Candy? Definitely something sugary. Was a chocolate shop nearby? Before she could remember whether or not she’d seen
a chocolatier on her way here, her vision went black, as a sweet-smelling cloth was clamped over her face.

She tried to spin away, but a strong arm squeezed her body, trapping her torso and forcing her to inhale through the saccharine rag that quickly stole her consciousness.

CHAPTER NINE

A
BIGAIL AWOKE SITTING
upright with a skull-vibrating headache and the feeling of compression around her chest. Her butt was cold and numb. She wondered how long she’d been sitting on what felt like a very hard chair. When she tried to stand, she was horrified to realize that a rope bound her to the seat. Her wrists were tied together behind her back.

A very bright light focused its beam on her, casting the rest of the empty room into black shadow.

“What in the hell is going on?” she demanded, peering through the darkness. Looking at the light caused her head to throb.

“Why are you here?” an unfamiliar male voice asked in a monotone with an American accent.

“Perhaps if you tell me where ‘here’ is, I could answer,” she said, her voice blessedly strong. She tapped her foot, as if impatient. She was, but she mostly needed more information about her environment. The floor felt like concrete under her toes. She couldn’t see the walls. Were her hands tied to the chair or just slipped over the back of it? She tried to calculate the distance she’d have to run to get to the questioner and take him out. Twenty feet. A few seconds of sprinting, but it’d be hard to do with a chair strapped to her back like a turtle shell.
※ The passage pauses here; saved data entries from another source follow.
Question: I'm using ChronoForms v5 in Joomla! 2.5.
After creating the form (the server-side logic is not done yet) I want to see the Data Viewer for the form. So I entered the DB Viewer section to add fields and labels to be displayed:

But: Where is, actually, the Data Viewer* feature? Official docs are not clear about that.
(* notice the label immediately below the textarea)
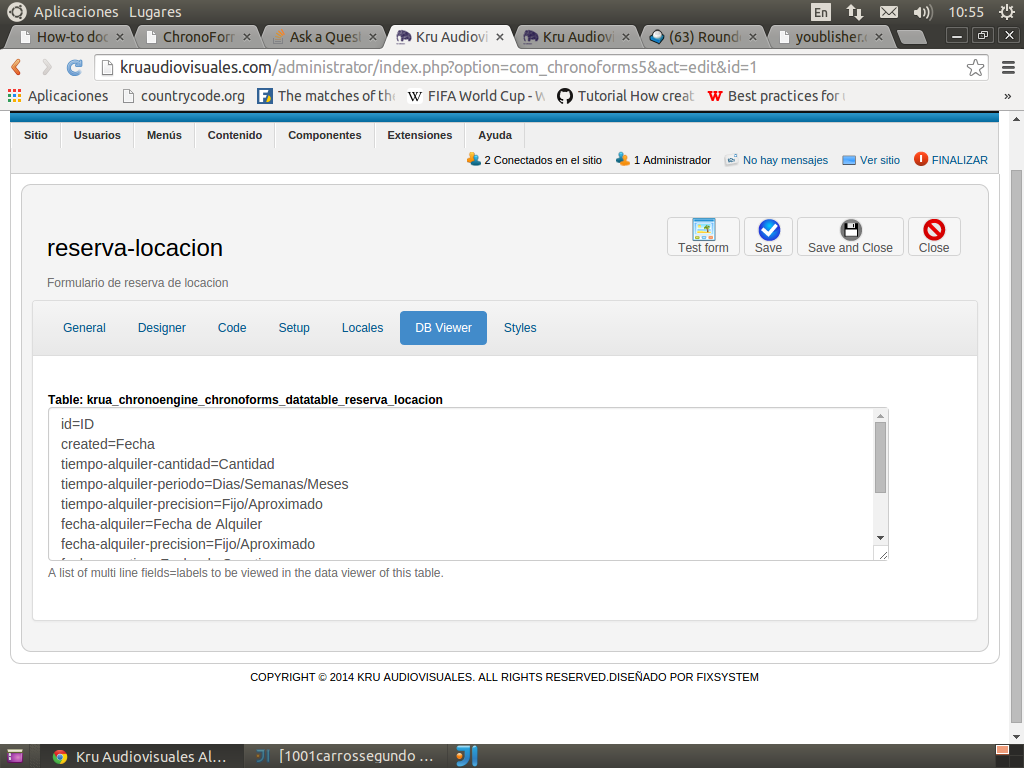
Answer: To see the data you have to come back to the "Forms Manager".
In the column "Connected Tables" you can choose the table you want to see.
Using Chronoform you can see the data only in the backend (administration). If you need to see the data from the front end you can use ChronoConnectivity.

“Why did you come to France?”

This repetitive questioning was obviously an interrogation technique meant to wear down the detainee. Abigail was disgusted at the thought that she was a
detainee
. It was absurd. It was degrading.

But at least she was still in France.

“Insanity is doing the same thing over and over again and expecting a different result, you know,” she said.

“What are you doing in France?”

“Whatever I like, but I certainly didn’t come here to be tied to a chair. Release me and I may answer your question.”

“You are not in a position to request anything.”

“I am in precisely such a position. I am the person of interest. All eyes are on me, are they not?”

“I could kill you.”

A thread of horror ran down her spine. She flexed her core muscles to hide the shudder that followed. “I’m sure you could, but killing me won’t answer your question.”

“Why are you in France?”

She shook her head, hoping to convey amusement. The movement erupted a fresh wave of pain that nearly snapped her ears from her skull. She tried not to wince, but a clammy sweat emerged under her arms.

“I can give you something for the pain,” the man said.

“You can give me a knife so I can cut myself free.” She wondered why her head hurt so badly. What had they done to her?

“You’re not getting a knife, Miss Mason.”

He knew her name. That was a good sign. If they knew her identity, then they also knew that she couldn’t be offed without a few heads turning in Washington. She smiled.

“It’s hardly fair for you to know my name but not afford me the same courtesy,” she said smoothly, beginning to wonder when—and how—she would be forced to start cooperating. “With whom do I have the pleasure of speaking?”

“You don’t need to know who I am.”

“On the contrary,” she said, keeping her tone light even as her words became more menacing. “I need to know what name to write at the top of the lawsuit I intend to file upon my return to the United States. If you know who I am, you must know what I do for a living. You can’t think that I’m the sort of frightened little girl who lets kidnapping and assault go unprosecuted.”